Gradient clipping — essential for stable LLM training
import torch
# After loss.backward(), before optimizer.step():
max_norm = 1.0 # typical value used in GPT, LLaMA training
# Clip gradients of all parameters
torch.nn.utils.clip_grad_norm_(model.parameters(), max_norm)
optimizer.step()
# This caps the total gradient norm at 1.0
# Individual parameters' gradients are rescaled proportionally
# so no single update step is too largePractice questions
- What is the chain rule and how does backpropagation apply it? (Answer: Chain rule: dL/dx = dL/dy × dy/dx for nested functions y=f(x), L=g(y). Backpropagation systematically applies chain rule through the computational graph: compute loss L, then propagate dL/dW backward through each layer. For a 3-layer network: dL/dW₁ = dL/dA₃ × dA₃/dZ₃ × dZ₃/dA₂ × dA₂/dZ₂ × dZ₂/dA₁ × dA₁/dZ₁ × dZ₁/dW₁. Each multiplication is an application of chain rule through one layer.)

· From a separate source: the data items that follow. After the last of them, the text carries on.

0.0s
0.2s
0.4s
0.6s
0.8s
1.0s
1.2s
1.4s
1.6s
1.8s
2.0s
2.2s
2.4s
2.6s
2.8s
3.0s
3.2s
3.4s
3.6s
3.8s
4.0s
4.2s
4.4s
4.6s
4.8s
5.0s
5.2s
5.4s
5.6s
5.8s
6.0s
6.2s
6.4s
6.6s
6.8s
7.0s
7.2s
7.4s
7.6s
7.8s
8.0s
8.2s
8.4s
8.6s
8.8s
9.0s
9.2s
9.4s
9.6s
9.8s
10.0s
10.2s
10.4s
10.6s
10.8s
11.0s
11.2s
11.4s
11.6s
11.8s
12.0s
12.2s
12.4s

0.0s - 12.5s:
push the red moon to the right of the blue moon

- What is the difference between forward mode and reverse mode automatic differentiation? (Answer: Forward mode (forward-pass AD): compute derivatives w.r.t. one input simultaneously with the forward pass — efficient when # outputs >> # inputs. Reverse mode (backpropagation): compute derivatives of one output w.r.t. all inputs — efficient when # inputs >> # outputs. Neural networks: millions of parameters (inputs), one loss value (output). Reverse mode is O(forward_pass) regardless of parameter count — makes training tractable. Forward mode would require one pass per parameter — O(n_params × forward_pass).)

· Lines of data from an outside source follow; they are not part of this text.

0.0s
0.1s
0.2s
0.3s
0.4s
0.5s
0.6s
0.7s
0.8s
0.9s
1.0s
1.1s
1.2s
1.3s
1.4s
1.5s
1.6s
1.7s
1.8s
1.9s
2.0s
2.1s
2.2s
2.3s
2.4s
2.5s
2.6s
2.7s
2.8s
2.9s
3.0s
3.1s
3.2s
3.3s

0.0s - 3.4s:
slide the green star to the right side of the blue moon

- What is the vanishing gradient problem in deep networks and how do modern architectures address it? (Answer: Vanishing gradient: gradients diminish exponentially as they backpropagate through many layers (each sigmoid derivative ≤ 0.25). Deep networks (50+ layers) with sigmoid/tanh: gradient at layer 1 ≈ 0.25^50 ≈ 10^-30 — no learning occurs. Solutions: (1) ReLU activations: gradient 1 for positive, 0 for negative — no shrinkage for active neurons. (2) Residual connections (He et al. 2016): direct gradient highways through skip connections. (3) Layer normalisation: prevents extreme pre-activation magnitudes. (4) Batch normalisation.)

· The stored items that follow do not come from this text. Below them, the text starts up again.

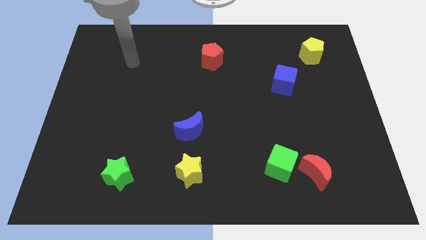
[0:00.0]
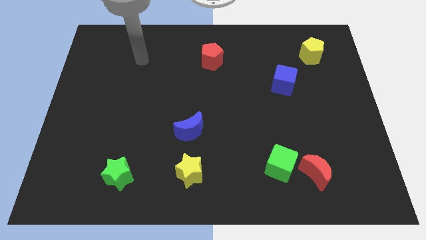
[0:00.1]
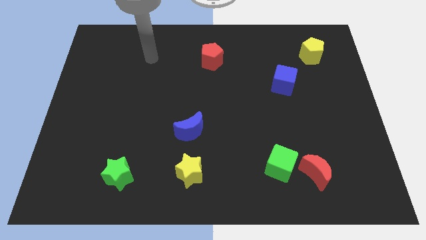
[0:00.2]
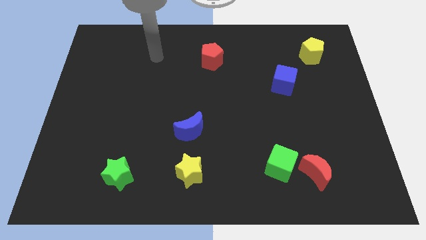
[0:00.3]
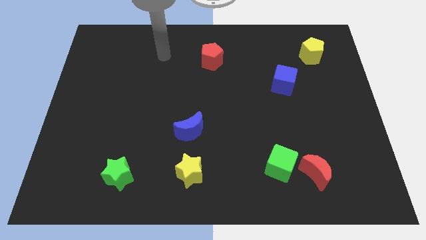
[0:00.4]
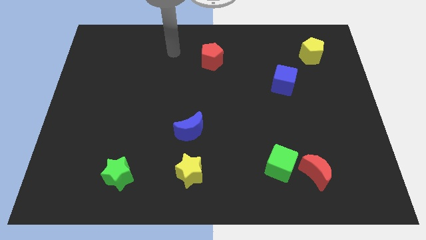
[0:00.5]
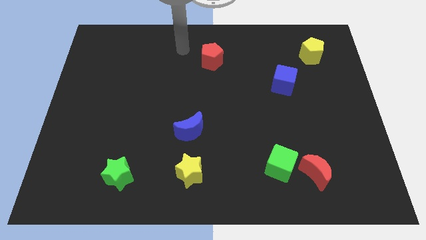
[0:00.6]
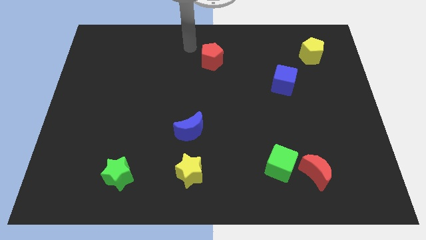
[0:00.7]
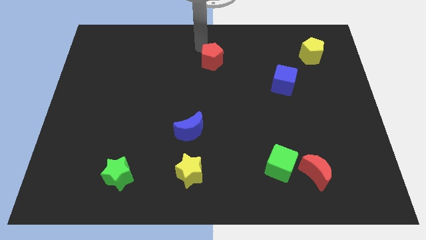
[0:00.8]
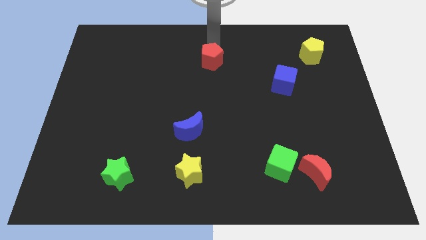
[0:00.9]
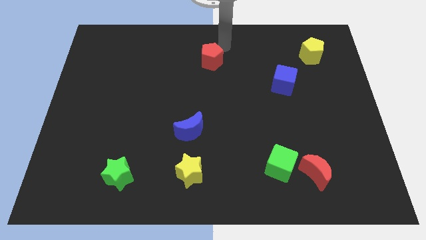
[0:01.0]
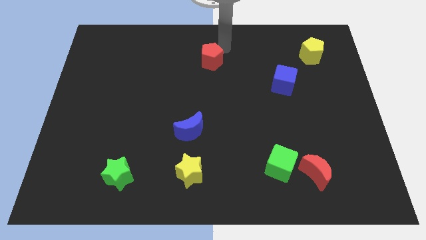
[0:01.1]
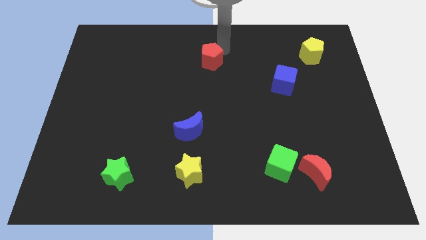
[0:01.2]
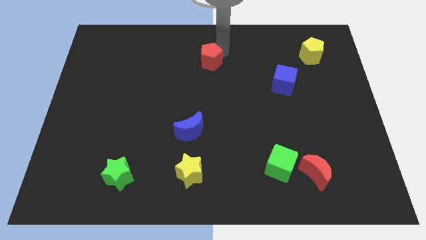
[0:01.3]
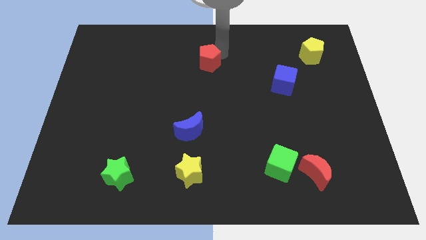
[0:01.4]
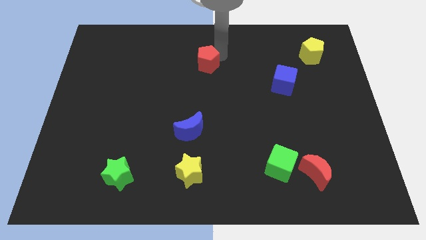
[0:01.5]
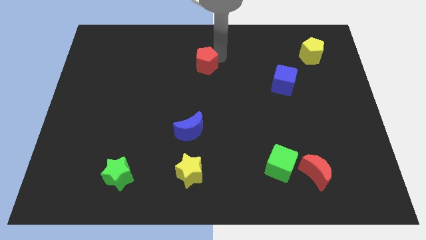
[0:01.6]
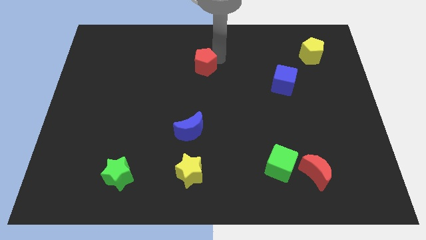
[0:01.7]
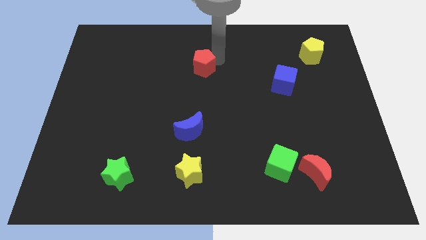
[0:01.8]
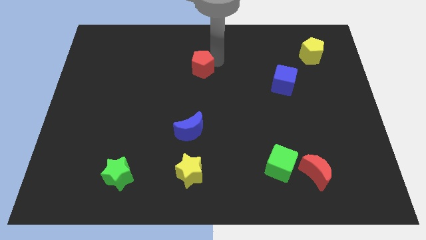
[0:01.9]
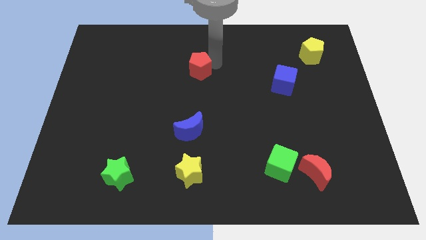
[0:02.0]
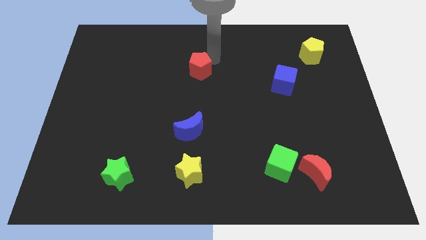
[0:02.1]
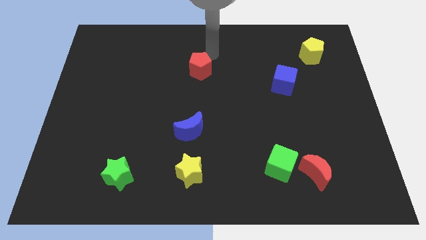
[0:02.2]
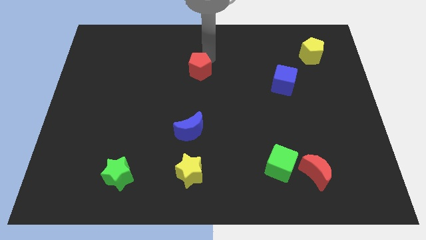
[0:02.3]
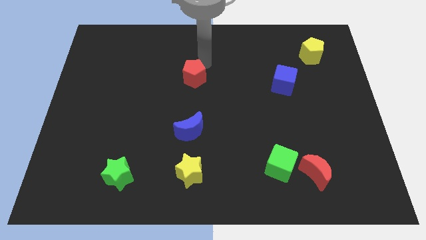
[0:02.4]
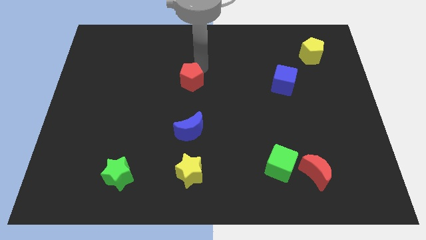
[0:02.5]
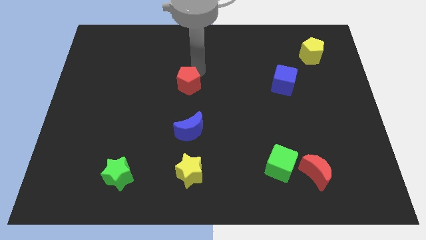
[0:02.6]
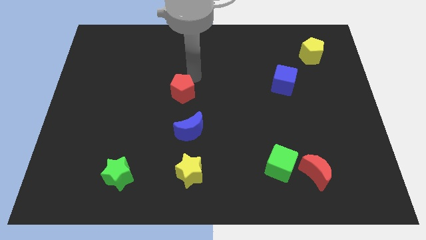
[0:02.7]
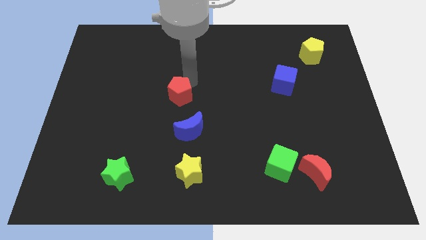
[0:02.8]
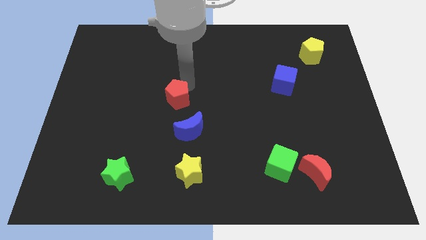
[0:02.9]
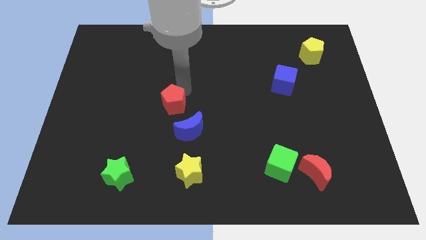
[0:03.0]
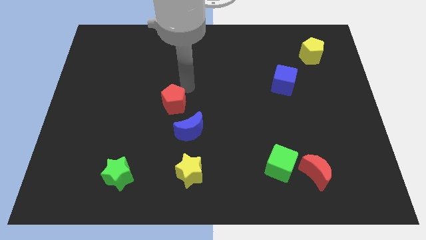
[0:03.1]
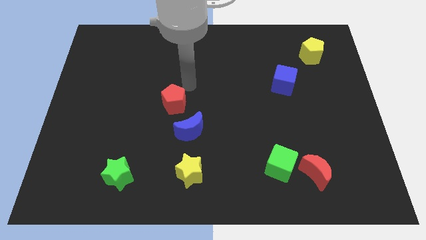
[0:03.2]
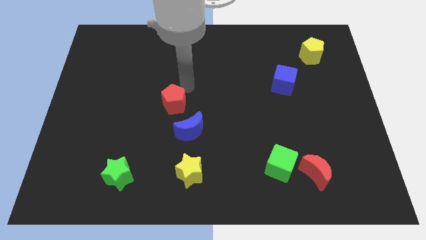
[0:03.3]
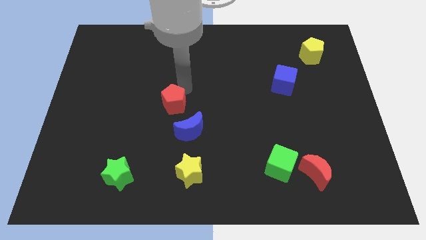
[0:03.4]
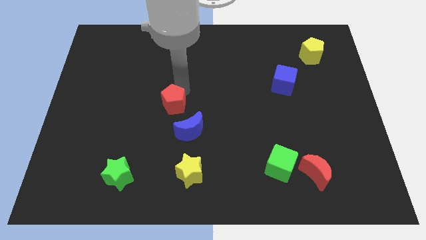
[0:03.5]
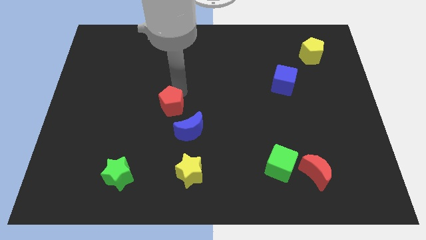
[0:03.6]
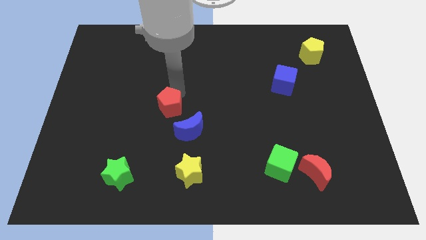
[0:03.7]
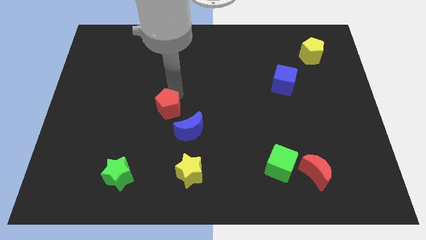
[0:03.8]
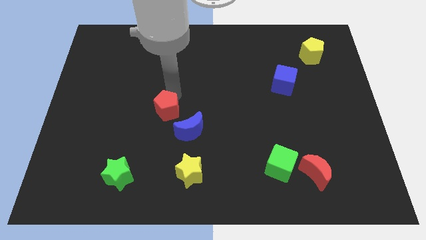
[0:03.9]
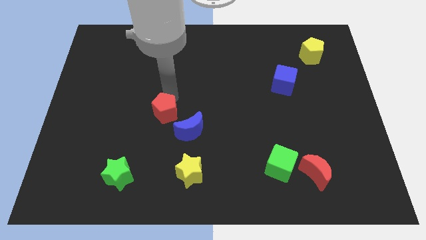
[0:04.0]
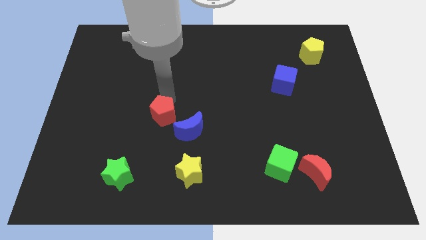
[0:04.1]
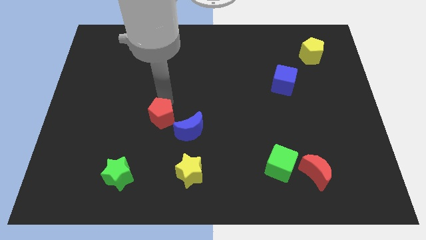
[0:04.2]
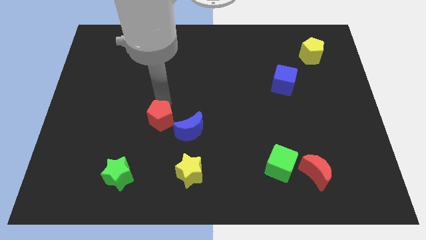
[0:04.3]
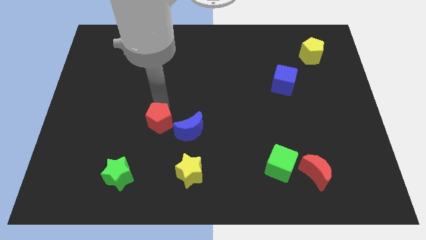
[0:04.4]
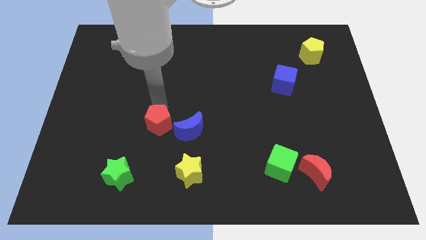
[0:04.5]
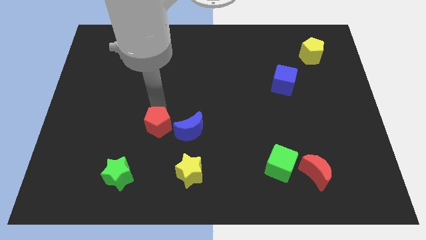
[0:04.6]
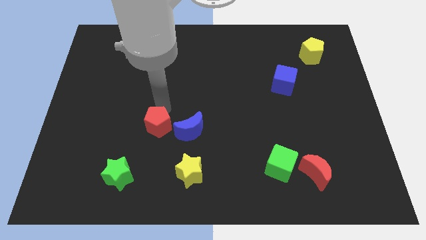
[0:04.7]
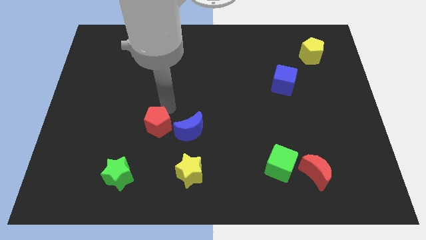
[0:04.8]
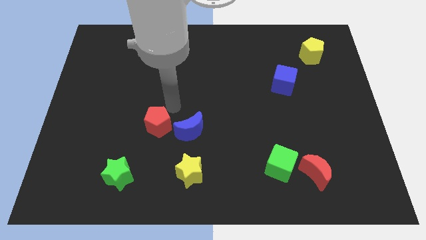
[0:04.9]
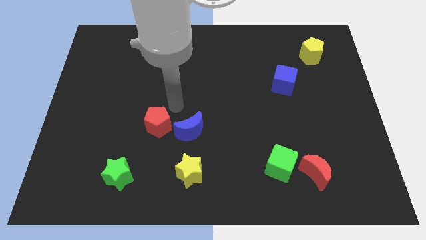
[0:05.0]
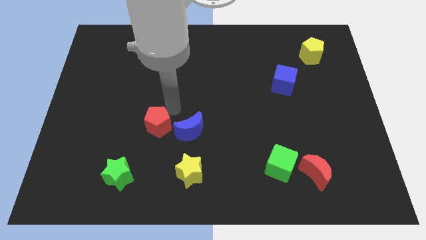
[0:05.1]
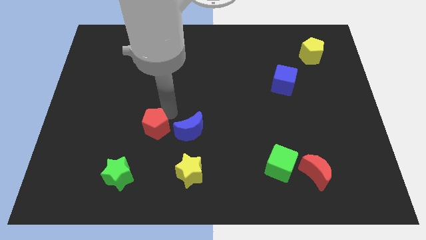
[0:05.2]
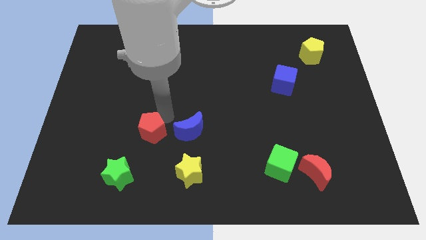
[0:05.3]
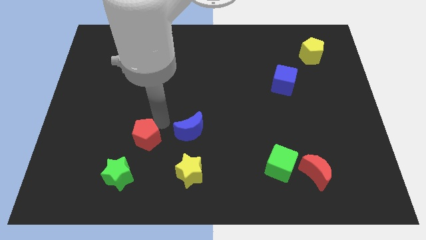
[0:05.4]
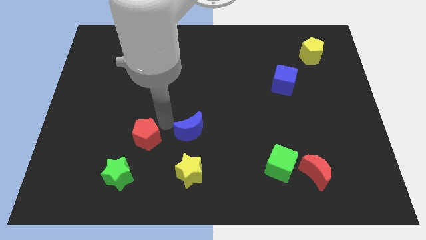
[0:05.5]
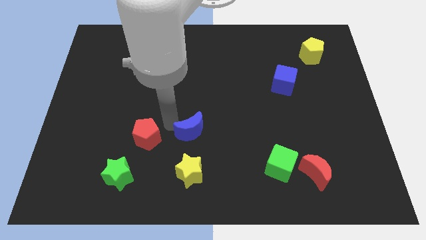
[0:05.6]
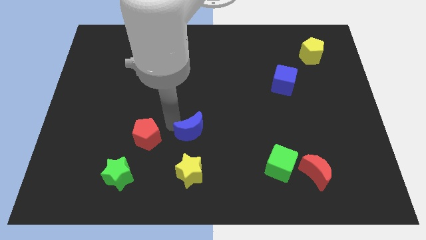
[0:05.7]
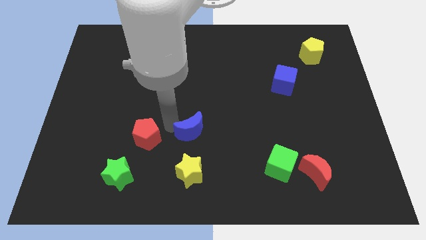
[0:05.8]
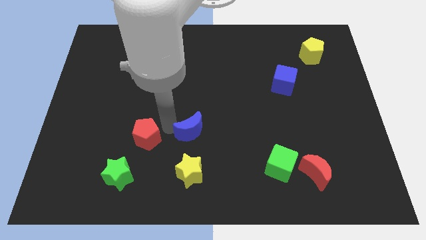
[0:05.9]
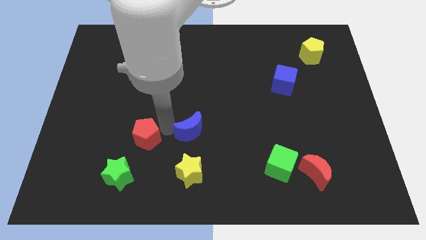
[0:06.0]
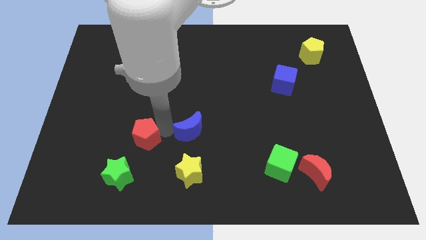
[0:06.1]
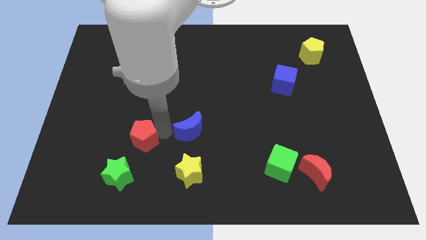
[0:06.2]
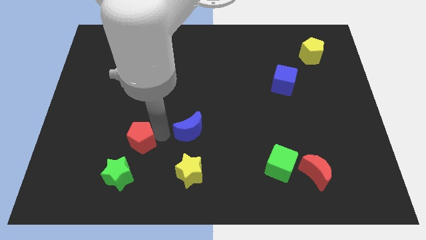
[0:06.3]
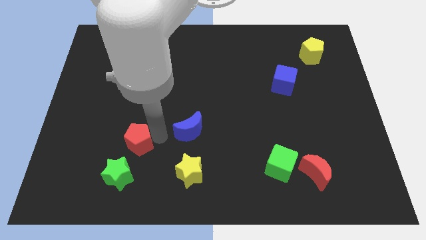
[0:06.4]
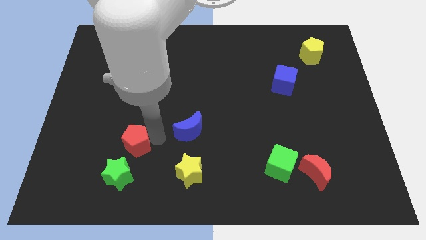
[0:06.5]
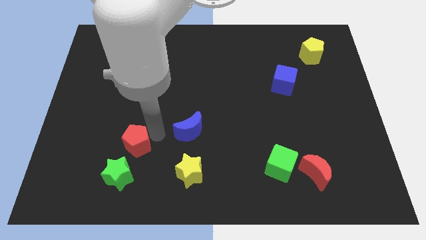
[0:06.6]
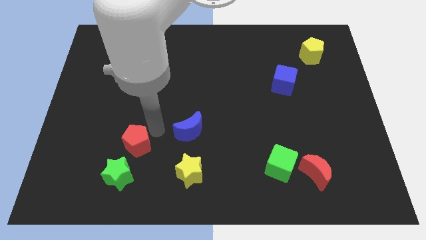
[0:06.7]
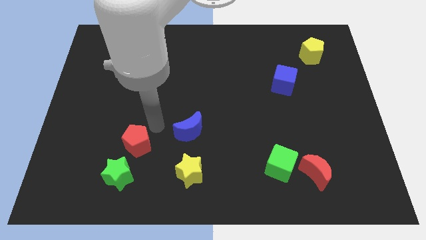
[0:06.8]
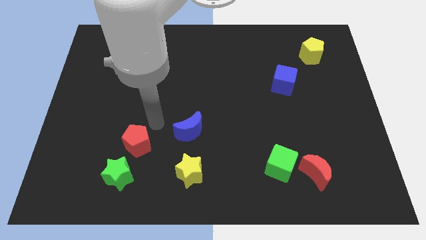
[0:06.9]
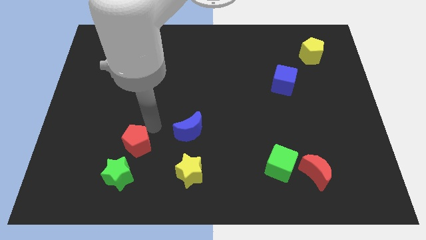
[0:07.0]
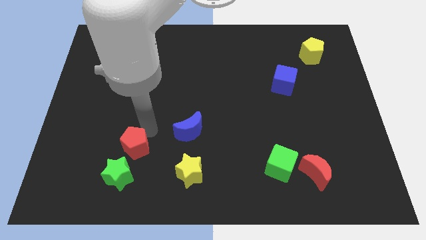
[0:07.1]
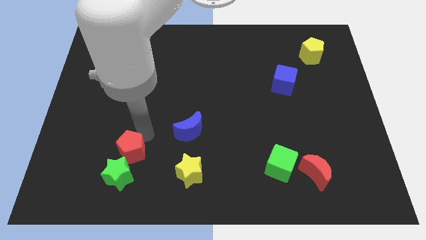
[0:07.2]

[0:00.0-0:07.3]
push the red pentagon next to the green star

- What is gradient explosion and how is gradient clipping different from weight decay in addressing it? (Answer: Gradient explosion: gradients grow exponentially in deep networks — loss becomes NaN. Most common in RNNs. Gradient clipping: scale gradient vector down if its norm exceeds max_norm before each optimizer step. Directly constrains gradient magnitude. Weight decay (L2): adds λ||W||² to loss — pulls weights toward zero during training. Prevents weights from growing large (which can cause large activations and gradients). Different mechanisms: clipping is reactive (after computing gradient); weight decay is preventive (regularises weights throughout training).)
- What is the computational complexity of one backpropagation pass relative to one forward pass? (Answer: Backpropagation is approximately 2× the cost of a forward pass (sometimes 3×). Forward pass: compute layer activations. Backpropagation: (1) Compute output gradients: similar to forward. (2) Compute weight gradients: requires outer products of activation vectors. The 2-3× factor is why training is roughly 3× more expensive than inference per batch. For large models: activations must be stored during the forward pass for use in backpropagation — this is why training requires much more GPU memory than inference.)